━━ Entries shown
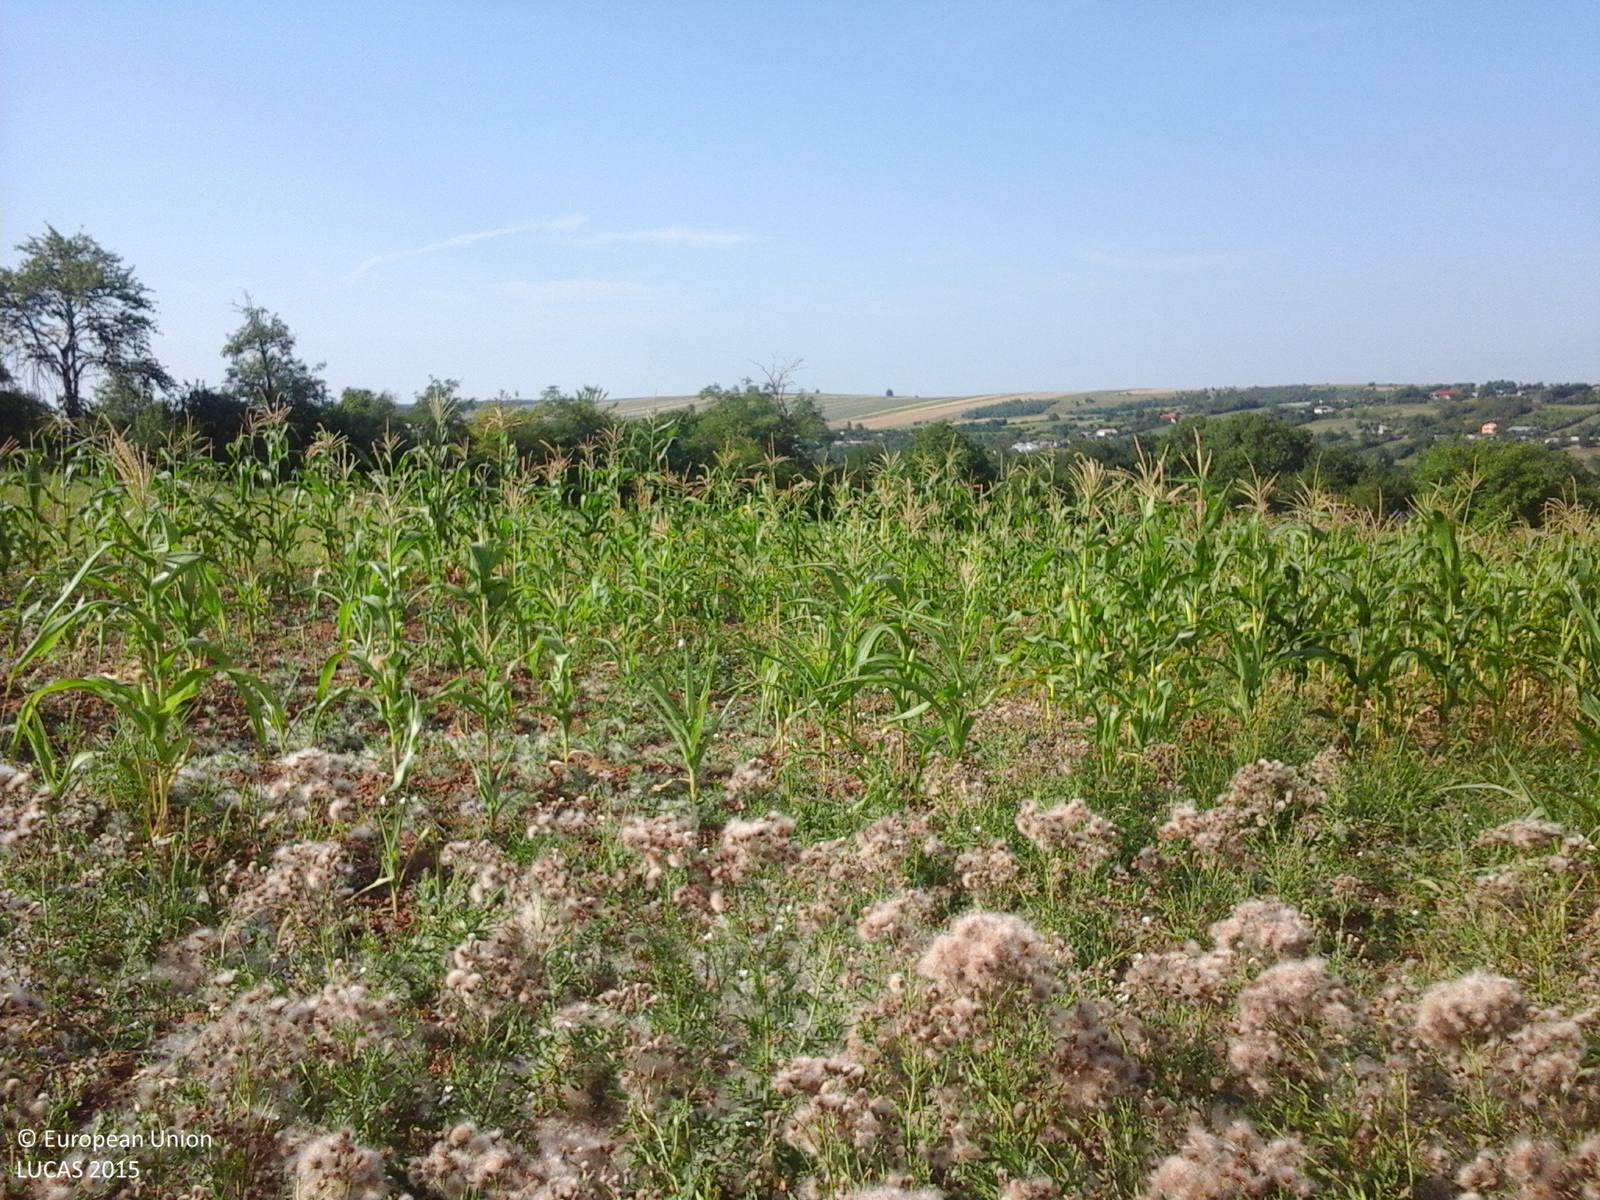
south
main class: Grassland
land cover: Spontaneously vegetated surfaces
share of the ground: > 75 %
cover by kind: herbaceous plants 90 %, unconsolidated bare surface 10 %
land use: Fallow land
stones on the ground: < 10 %
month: July
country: RO
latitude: 46.0785
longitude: 27.7926
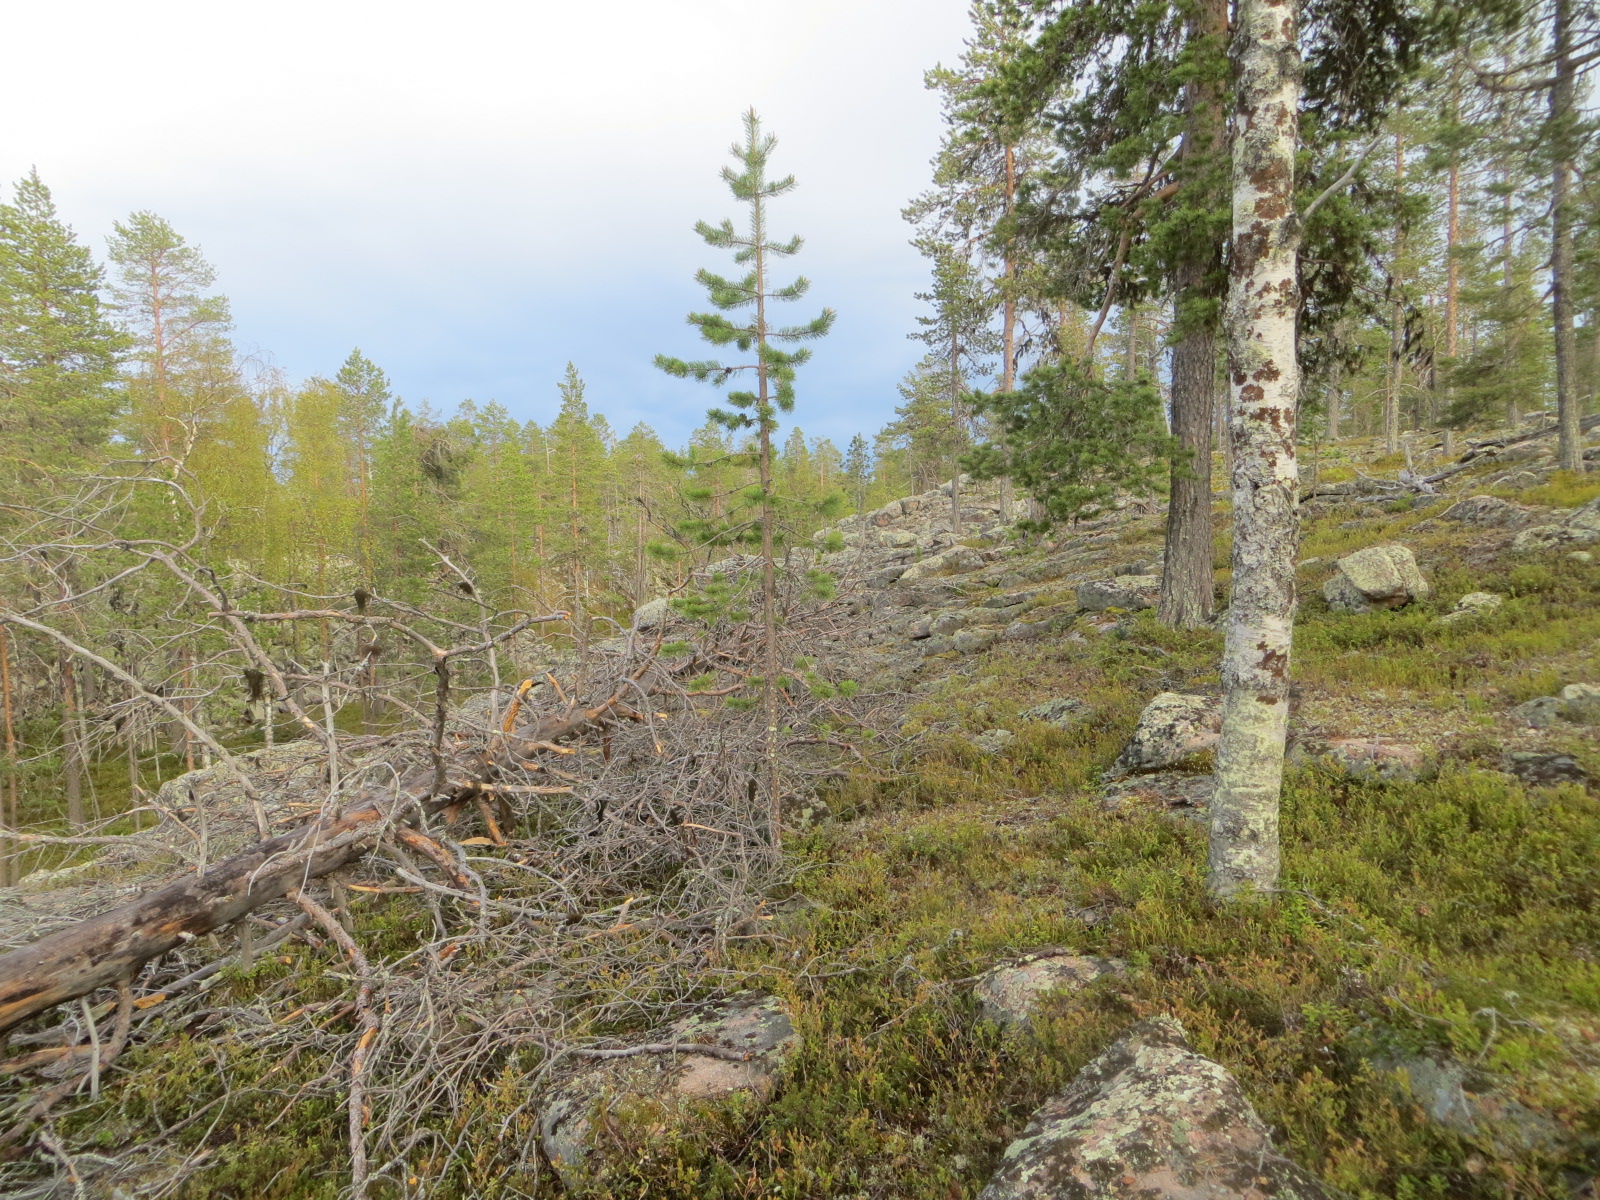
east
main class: Woodland
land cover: Pine dominated coniferous woodland
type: boreal forest
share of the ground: 50 - 75 %
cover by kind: coniferous forest trees 50 %, shrubs 25 %, consolidated bare surface 25 %
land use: Forestry
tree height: > 5 m
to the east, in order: Pine dominated coniferous woodland; Rocks and stones; Pine dominated mixed woodland; Rocks and stones; Pine dominated coniferous woodland
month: June
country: FI
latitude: 67.4126
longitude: 25.6620
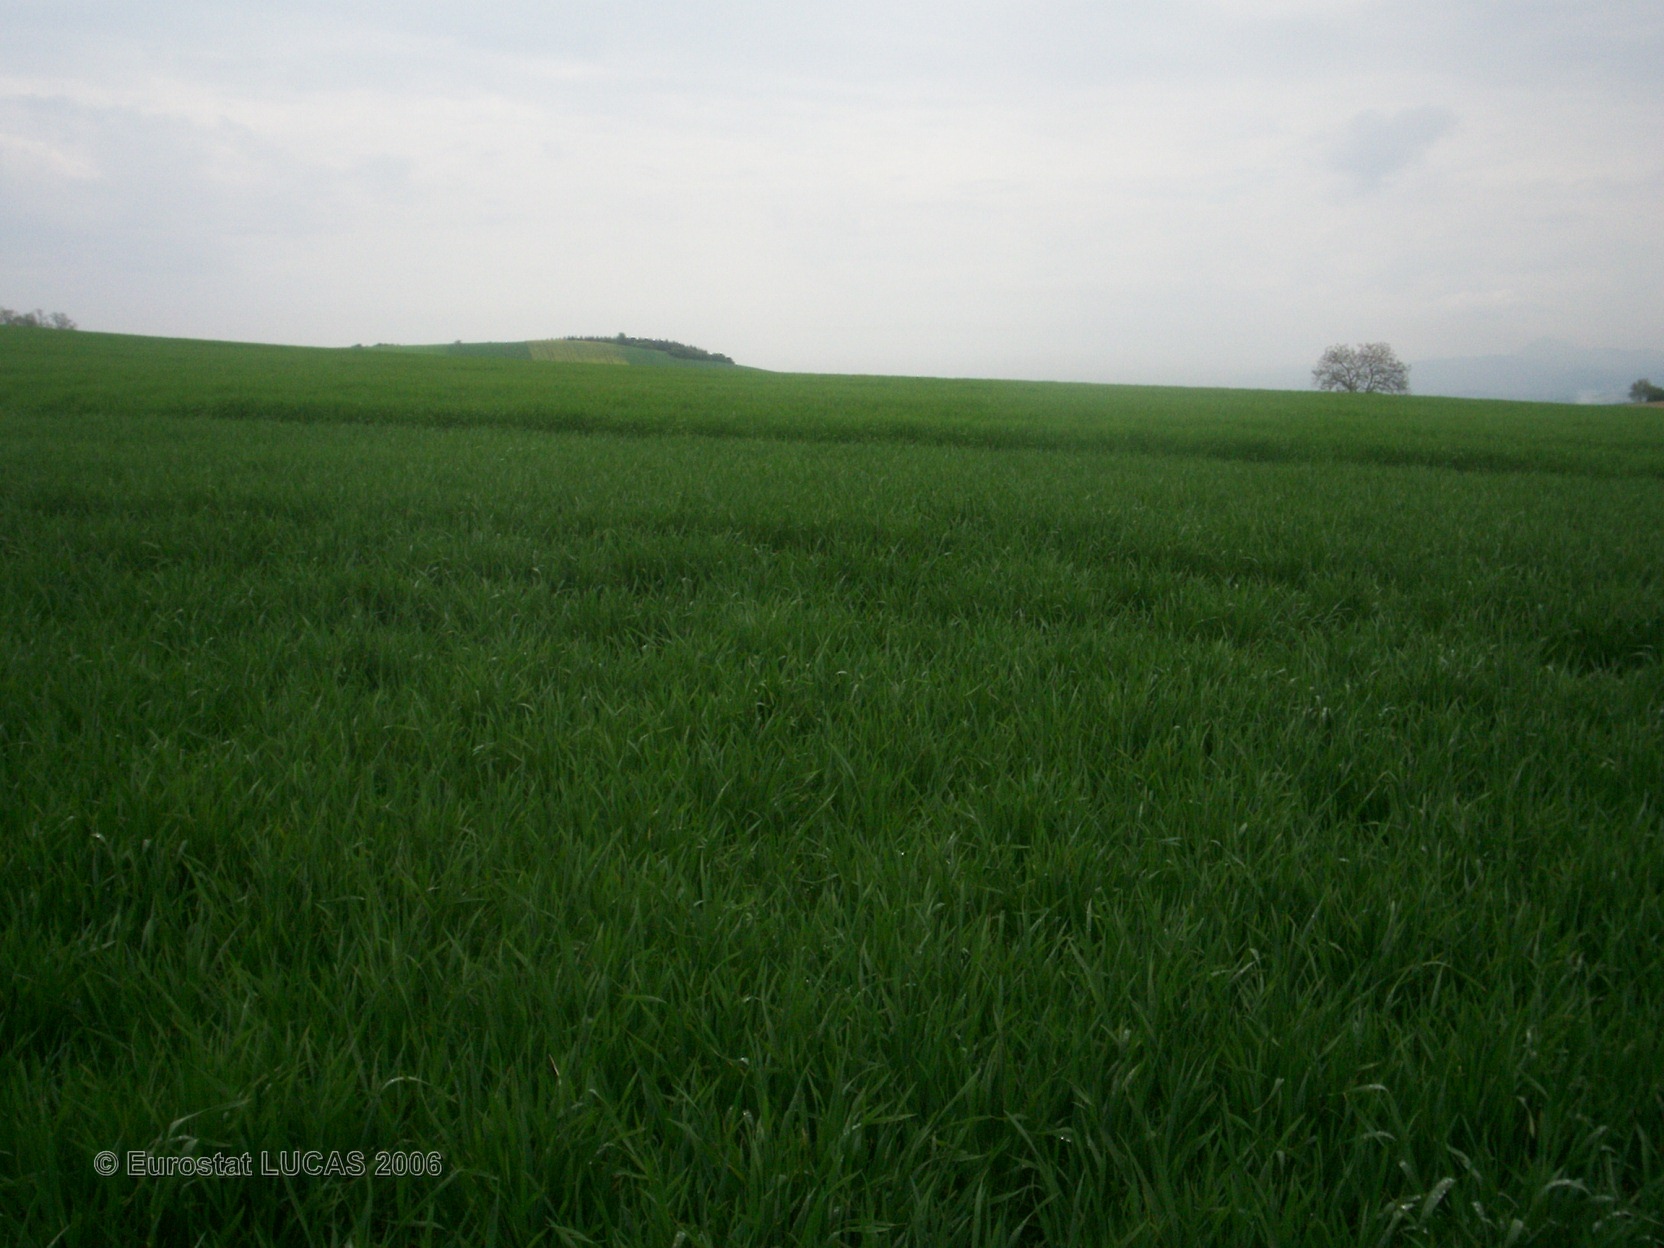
━━━━
What you need to do —
Exactly as they appear above, give the records again, without their pictures.

Answer to this problem —
south
main class: Grassland
land cover: Spontaneously vegetated surfaces
share of the ground: > 75 %
cover by kind: herbaceous plants 90 %, unconsolidated bare surface 10 %
land use: Fallow land
stones on the ground: < 10 %
month: July
country: RO
latitude: 46.0785
longitude: 27.7926
east
main class: Woodland
land cover: Pine dominated coniferous woodland
type: boreal forest
share of the ground: 50 - 75 %
cover by kind: coniferous forest trees 50 %, shrubs 25 %, consolidated bare surface 25 %
land use: Forestry
tree height: > 5 m
to the east, in order: Pine dominated coniferous woodland; Rocks and stones; Pine dominated mixed woodland; Rocks and stones; Pine dominated coniferous woodland
month: June
country: FI
latitude: 67.4126
longitude: 25.6620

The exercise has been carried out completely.